Prof Moti
There are moments when a nation is forced to look into the mirror—not the polished mirror of official statements, but the cracked, unforgiving mirror of truth.
The death of Brigadier General Musa Uba is one of those moments that reechoed today on ARISE TELEVISION, The Morning Show.
And when Rufai Oseni broke down on live television recounting it, to me it was not weakness. It was not theatrics. It was the raw, unfiltered collective grief of a people watching, yet again, as the Nigerian state failed its own in Plateau, Nassarawa, Benue, Kaduna, Katsina etc during the weekend.

- OSENI
Uba was not an unnamed casualty in a distant field. A Brigadier General of the Nigerian Army—ambushed, isolated, calling for help, waiting for extraction (in his own country) that never came.
He had intelligence. The system had warning. The danger was not invisible. Yet the machinery of response—slow, disjointed, uncertain—arrived too little, too late.
In his final moments, General Uba was not just fighting insurgents; he was confronting the most devastating realization any soldier can face: that the state he served might not reach him in time.

Now place that beside the doctrine of the United States Armed Forces.
In that system, the capture of a single colonel—anywhere in the world, even in hostile territory like Iran—triggers a chain reaction of power. Satellites shift. Drones hover. Special forces mobilize. Diplomacy bends. The Preseident suspends his usual saturday golf. Billions can be spent. Risks are taken. Mistakes may happen, missions may fail, but one message is never in doubt: No one is abandoned.
That is not propaganda. It is policy. It is culture. It is belief made operational.
Nigeria, by contrast, sends a far more dangerous message—sometimes unintentionally, but unmistakably: You are on your own.

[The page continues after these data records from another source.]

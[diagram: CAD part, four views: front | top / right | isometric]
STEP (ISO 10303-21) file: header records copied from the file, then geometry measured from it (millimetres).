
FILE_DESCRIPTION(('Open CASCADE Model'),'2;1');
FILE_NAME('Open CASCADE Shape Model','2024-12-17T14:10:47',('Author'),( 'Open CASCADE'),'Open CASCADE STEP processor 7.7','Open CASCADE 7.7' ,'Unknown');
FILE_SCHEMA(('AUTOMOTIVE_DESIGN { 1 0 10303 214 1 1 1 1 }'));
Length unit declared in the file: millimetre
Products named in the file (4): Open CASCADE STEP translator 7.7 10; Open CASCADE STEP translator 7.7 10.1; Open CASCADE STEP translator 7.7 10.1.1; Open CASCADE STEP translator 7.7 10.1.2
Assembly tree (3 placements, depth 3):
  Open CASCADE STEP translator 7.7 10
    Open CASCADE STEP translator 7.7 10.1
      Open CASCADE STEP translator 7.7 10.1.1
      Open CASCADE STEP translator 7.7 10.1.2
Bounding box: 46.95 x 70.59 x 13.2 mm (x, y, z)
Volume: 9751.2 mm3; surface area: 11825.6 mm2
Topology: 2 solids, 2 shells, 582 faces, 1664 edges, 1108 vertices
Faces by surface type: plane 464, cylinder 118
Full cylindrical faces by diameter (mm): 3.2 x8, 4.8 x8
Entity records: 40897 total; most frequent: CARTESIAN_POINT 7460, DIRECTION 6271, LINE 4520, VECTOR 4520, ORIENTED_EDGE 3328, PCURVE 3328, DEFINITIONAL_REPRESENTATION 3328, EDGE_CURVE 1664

And that message echoes far beyond the battlefield and the affected communities.
It emboldens insurgents who now understand that striking hard and fast may not be met with overwhelming, coordinated retaliation.
Terrorism feeds not only on ideology and weapons—but on perceived weakness.

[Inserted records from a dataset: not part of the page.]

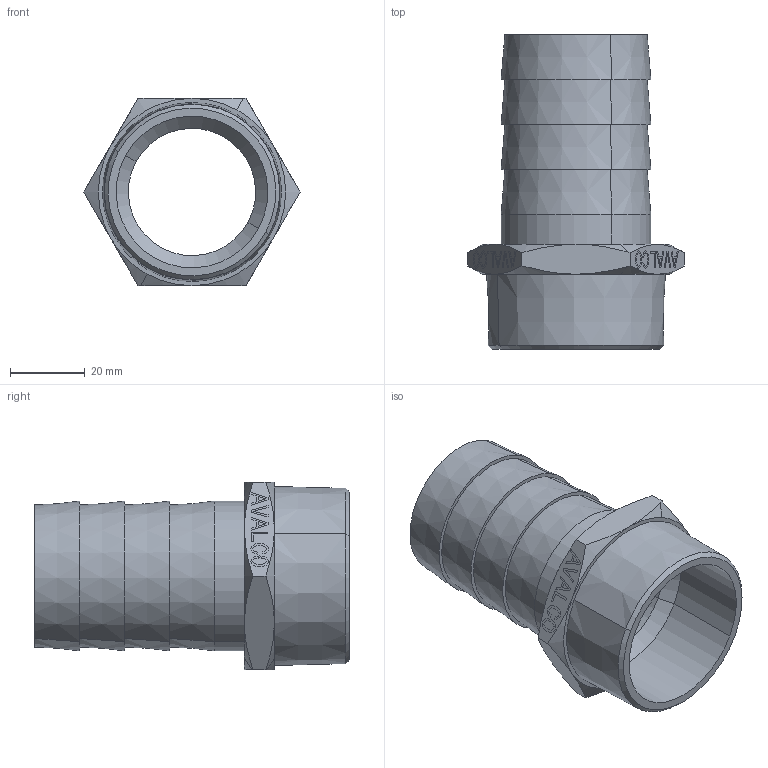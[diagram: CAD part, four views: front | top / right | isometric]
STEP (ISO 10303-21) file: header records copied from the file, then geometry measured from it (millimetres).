
FILE_DESCRIPTION(( 'RA.30C40.112.stp' ), '1');
FILE_NAME( 'RA.30C40.112.stp', '2018-10-11T15:16:19',( 'Sopra'),('sopra-pneumatic.com'), 'SwSTEP 2.0','SolidWorks 2009','' );
FILE_SCHEMA(('CONFIG_CONTROL_DESIGN'));
Length unit declared in the file: millimetre
Products named in the file (1): DN600-40R112
Bounding box: 57.73 x 84 x 50 mm (x, y, z)
Volume: 34652.6 mm3; surface area: 22873.9 mm2
Topology: 1 solids, 1 shells, 385 faces, 1033 edges, 682 vertices
Faces by surface type: plane 349, cone 30, cylinder 6
Entity records: 11432 total; most frequent: CARTESIAN_POINT 2156, ORIENTED_EDGE 2066, DIRECTION 1595, EDGE_CURVE 1033, VECTOR 957, LINE 957, VERTEX_POINT 682, EDGE_LOOP 419

The killing of General Uba as recollected by Rufsi today is not just a tactical loss; it is a strategic signal. A signal to insurgents that the Nigerian state can be surprised, that its intelligence can be ignored, that its response can falter. A signal to citizens that if the highest-ranking officers are not beyond vulnerability, how about you?.

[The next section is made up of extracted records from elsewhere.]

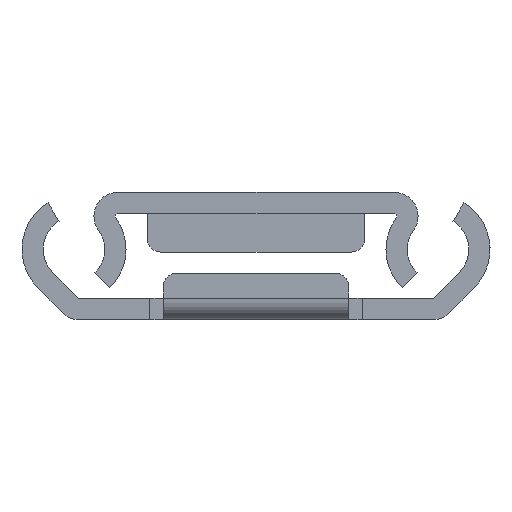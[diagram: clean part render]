
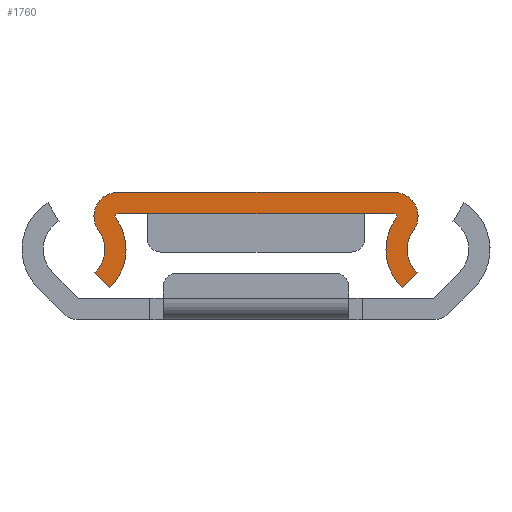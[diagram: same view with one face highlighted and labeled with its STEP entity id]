
A CAD part, left-side view. The second image highlights one B-rep face of the part: STEP entity #1760.
In plain terms, the highlighted planar face has unit normal (-1, 0, 0).
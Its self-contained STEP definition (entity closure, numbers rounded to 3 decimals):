
#50 = ORIENTED_EDGE ( 'NONE', *, *, #577, .T. ) ;
#58 = VERTEX_POINT ( 'NONE', #673 ) ;
#70 = DIRECTION ( 'NONE',  ( -1., 0., 0. ) ) ;
#97 = AXIS2_PLACEMENT_3D ( 'NONE', #1217, #3160, #2325 ) ;
#179 = CARTESIAN_POINT ( 'NONE',  ( 0., -10.425, 0. ) ) ;
#203 = CARTESIAN_POINT ( 'NONE',  ( 0., 13.8, -4.3 ) ) ;
#291 = CIRCLE ( 'NONE', #3060, 2.4 ) ;
#347 = CARTESIAN_POINT ( 'NONE',  ( 0., 10.425, -1.8 ) ) ;
#371 = EDGE_CURVE ( 'NONE', #1067, #870, #291, .T. ) ;
#420 = VERTEX_POINT ( 'NONE', #3935 ) ;
#554 = CIRCLE ( 'NONE', #3199, 4. ) ;
#577 = EDGE_CURVE ( 'NONE', #420, #2153, #4098, .T. ) ;
#621 = EDGE_CURVE ( 'NONE', #2153, #1231, #709, .T. ) ;
#649 = CARTESIAN_POINT ( 'NONE',  ( 0., 12.147, -6.04 ) ) ;
#673 = CARTESIAN_POINT ( 'NONE',  ( 0., -11.045, -7.2 ) ) ;
#674 = DIRECTION ( 'NONE',  ( 0., 0., -1. ) ) ;
#675 = ORIENTED_EDGE ( 'NONE', *, *, #2571, .F. ) ;
#709 = LINE ( 'NONE', #4129, #2320 ) ;
#835 = CARTESIAN_POINT ( 'NONE',  ( 0., -12.147, -6.04 ) ) ;
#836 = EDGE_CURVE ( 'NONE', #420, #1563, #4049, .T. ) ;
#870 = VERTEX_POINT ( 'NONE', #649 ) ;
#960 = CARTESIAN_POINT ( 'NONE',  ( 0., -10.425, -1.8 ) ) ;
#1015 = CARTESIAN_POINT ( 'NONE',  ( 0., 13.8, -4.3 ) ) ;
#1051 = EDGE_CURVE ( 'NONE', #870, #2354, #2517, .T. ) ;
#1067 = VERTEX_POINT ( 'NONE', #3262 ) ;
#1196 = CIRCLE ( 'NONE', #97, 0.2 ) ;
#1217 = CARTESIAN_POINT ( 'NONE',  ( 0., 10.425, -1.8 ) ) ;
#1231 = VERTEX_POINT ( 'NONE', #3749 ) ;
#1274 = DIRECTION ( 'NONE',  ( 0., 0., -1. ) ) ;
#1333 = DIRECTION ( 'NONE',  ( 0., 0., -1. ) ) ;
#1385 = VECTOR ( 'NONE', #3972, 1000. ) ;
#1537 = AXIS2_PLACEMENT_3D ( 'NONE', #1015, #3256, #1333 ) ;
#1563 = VERTEX_POINT ( 'NONE', #1960 ) ;
#1590 = EDGE_CURVE ( 'NONE', #3857, #58, #554, .T. ) ;
#1593 = CARTESIAN_POINT ( 'NONE',  ( 0., -10.425, -1.6 ) ) ;
#1669 = DIRECTION ( 'NONE',  ( -1., 0., 0. ) ) ;
#1673 = EDGE_CURVE ( 'NONE', #1678, #2933, #1196, .T. ) ;
#1678 = VERTEX_POINT ( 'NONE', #2939 ) ;
#1751 = CARTESIAN_POINT ( 'NONE',  ( 0., 0., -1.6 ) ) ;
#1760 = ADVANCED_FACE ( 'NONE', ( #4089 ), #1927, .F. ) ;
#1763 = DIRECTION ( 'NONE',  ( 0., 0., -1. ) ) ;
#1834 = ORIENTED_EDGE ( 'NONE', *, *, #1673, .T. ) ;
#1846 = LINE ( 'NONE', #835, #2590 ) ;
#1864 = DIRECTION ( 'NONE',  ( 0., 0., -1. ) ) ;
#1901 = CARTESIAN_POINT ( 'NONE',  ( 0., 10.425, -1.8 ) ) ;
#1927 = PLANE ( 'NONE',  #2267 ) ;
#1931 = CARTESIAN_POINT ( 'NONE',  ( 0., -13.8, -4.3 ) ) ;
#1936 = CARTESIAN_POINT ( 'NONE',  ( 0., 10.425, -1.6 ) ) ;
#1960 = CARTESIAN_POINT ( 'NONE',  ( 0., -12.147, -6.04 ) ) ;
#1961 = CARTESIAN_POINT ( 'NONE',  ( 0., -10.586, -1.919 ) ) ;
#1976 = VERTEX_POINT ( 'NONE', #1593 ) ;
#2108 = CIRCLE ( 'NONE', #2238, 1.8 ) ;
#2120 = DIRECTION ( 'NONE',  ( 1., 0., 0. ) ) ;
#2153 = VERTEX_POINT ( 'NONE', #179 ) ;
#2158 = ORIENTED_EDGE ( 'NONE', *, *, #1051, .T. ) ;
#2160 = ORIENTED_EDGE ( 'NONE', *, *, #4073, .F. ) ;
#2238 = AXIS2_PLACEMENT_3D ( 'NONE', #347, #2601, #674 ) ;
#2257 = ORIENTED_EDGE ( 'NONE', *, *, #2859, .F. ) ;
#2267 = AXIS2_PLACEMENT_3D ( 'NONE', #1901, #4109, #3219 ) ;
#2312 = CARTESIAN_POINT ( 'NONE',  ( 0., -13.8, -4.3 ) ) ;
#2320 = VECTOR ( 'NONE', #3033, 1000. ) ;
#2322 = ORIENTED_EDGE ( 'NONE', *, *, #3249, .F. ) ;
#2325 = DIRECTION ( 'NONE',  ( 0., 0., -1. ) ) ;
#2331 = ORIENTED_EDGE ( 'NONE', *, *, #836, .F. ) ;
#2354 = VERTEX_POINT ( 'NONE', #4021 ) ;
#2419 = VECTOR ( 'NONE', #4146, 1000. ) ;
#2517 = LINE ( 'NONE', #3842, #2419 ) ;
#2571 = EDGE_CURVE ( 'NONE', #1067, #1231, #2108, .T. ) ;
#2590 = VECTOR ( 'NONE', #3397, 1000. ) ;
#2601 = DIRECTION ( 'NONE',  ( 1., 0., 0. ) ) ;
#2795 = CIRCLE ( 'NONE', #1537, 4. ) ;
#2859 = EDGE_CURVE ( 'NONE', #3857, #1976, #3733, .T. ) ;
#2867 = DIRECTION ( 'NONE',  ( 0., 0., -1. ) ) ;
#2933 = VERTEX_POINT ( 'NONE', #1936 ) ;
#2939 = CARTESIAN_POINT ( 'NONE',  ( 0., 10.586, -1.919 ) ) ;
#3002 = ORIENTED_EDGE ( 'NONE', *, *, #371, .T. ) ;
#3004 = LINE ( 'NONE', #1751, #1385 ) ;
#3033 = DIRECTION ( 'NONE',  ( 0., 1., 0. ) ) ;
#3060 = AXIS2_PLACEMENT_3D ( 'NONE', #203, #2120, #1763 ) ;
#3118 = EDGE_CURVE ( 'NONE', #1976, #2933, #3004, .T. ) ;
#3160 = DIRECTION ( 'NONE',  ( 1., 0., 0. ) ) ;
#3199 = AXIS2_PLACEMENT_3D ( 'NONE', #1931, #1669, #1864 ) ;
#3208 = DIRECTION ( 'NONE',  ( -1., 0., 0. ) ) ;
#3219 = DIRECTION ( 'NONE',  ( 0., 0., -1. ) ) ;
#3221 = AXIS2_PLACEMENT_3D ( 'NONE', #960, #3208, #1274 ) ;
#3249 = EDGE_CURVE ( 'NONE', #1563, #58, #1846, .T. ) ;
#3256 = DIRECTION ( 'NONE',  ( 1., 0., 0. ) ) ;
#3262 = CARTESIAN_POINT ( 'NONE',  ( 0., 11.871, -2.871 ) ) ;
#3346 = DIRECTION ( 'NONE',  ( 0., 0., -1. ) ) ;
#3397 = DIRECTION ( 'NONE',  ( 0., 0.689, -0.725 ) ) ;
#3505 = DIRECTION ( 'NONE',  ( -1., 0., 0. ) ) ;
#3518 = ORIENTED_EDGE ( 'NONE', *, *, #1590, .T. ) ;
#3522 = AXIS2_PLACEMENT_3D ( 'NONE', #2312, #70, #2867 ) ;
#3571 = CARTESIAN_POINT ( 'NONE',  ( 0., -10.425, -1.8 ) ) ;
#3733 = CIRCLE ( 'NONE', #3221, 0.2 ) ;
#3749 = CARTESIAN_POINT ( 'NONE',  ( 0., 10.425, 0. ) ) ;
#3842 = CARTESIAN_POINT ( 'NONE',  ( 0., 12.147, -6.04 ) ) ;
#3857 = VERTEX_POINT ( 'NONE', #1961 ) ;
#3935 = CARTESIAN_POINT ( 'NONE',  ( 0., -11.871, -2.871 ) ) ;
#3936 = ORIENTED_EDGE ( 'NONE', *, *, #3118, .F. ) ;
#3969 = ORIENTED_EDGE ( 'NONE', *, *, #621, .T. ) ;
#3972 = DIRECTION ( 'NONE',  ( 0., 1., 0. ) ) ;
#4021 = CARTESIAN_POINT ( 'NONE',  ( 0., 11.045, -7.2 ) ) ;
#4027 = AXIS2_PLACEMENT_3D ( 'NONE', #3571, #3505, #3346 ) ;
#4049 = CIRCLE ( 'NONE', #3522, 2.4 ) ;
#4057 = EDGE_LOOP ( 'NONE', ( #3936, #2257, #3518, #2322, #2331, #50, #3969, #675, #3002, #2158, #2160, #1834 ) ) ;
#4073 = EDGE_CURVE ( 'NONE', #1678, #2354, #2795, .T. ) ;
#4089 = FACE_OUTER_BOUND ( 'NONE', #4057, .T. ) ;
#4098 = CIRCLE ( 'NONE', #4027, 1.8 ) ;
#4109 = DIRECTION ( 'NONE',  ( 1., 0., 0. ) ) ;
#4129 = CARTESIAN_POINT ( 'NONE',  ( 0., 0., 0. ) ) ;
#4146 = DIRECTION ( 'NONE',  ( 0., -0.689, -0.725 ) ) ;

This is why the tears of Rufai Oseni mattered. They were not just for one man. They were for the accumulating weight of avoidable tragedies, for the pattern Nigerians can now predict with painful accuracy: intelligence ignored, attacks executed, statements issued, silence restored—until the next incident.
Nigeria must decide—urgently—what kind of nation it wants to be in the face of terror.
A nation that reacts, or a nation that anticipates.
A nation that mourns, or a nation that prevents.
A nation that explains failure, or one that makes failure increasingly impossible.
The war against terrorism is not merely a contest of firepower. It is a contest of systems, of will, of values made visible under pressure.
General Uba’s death and that of many others has handed Nigeria a brutal but necessary question:
Do Nigerian lives matter? Or are they expendable variables in a slow, uncertain war?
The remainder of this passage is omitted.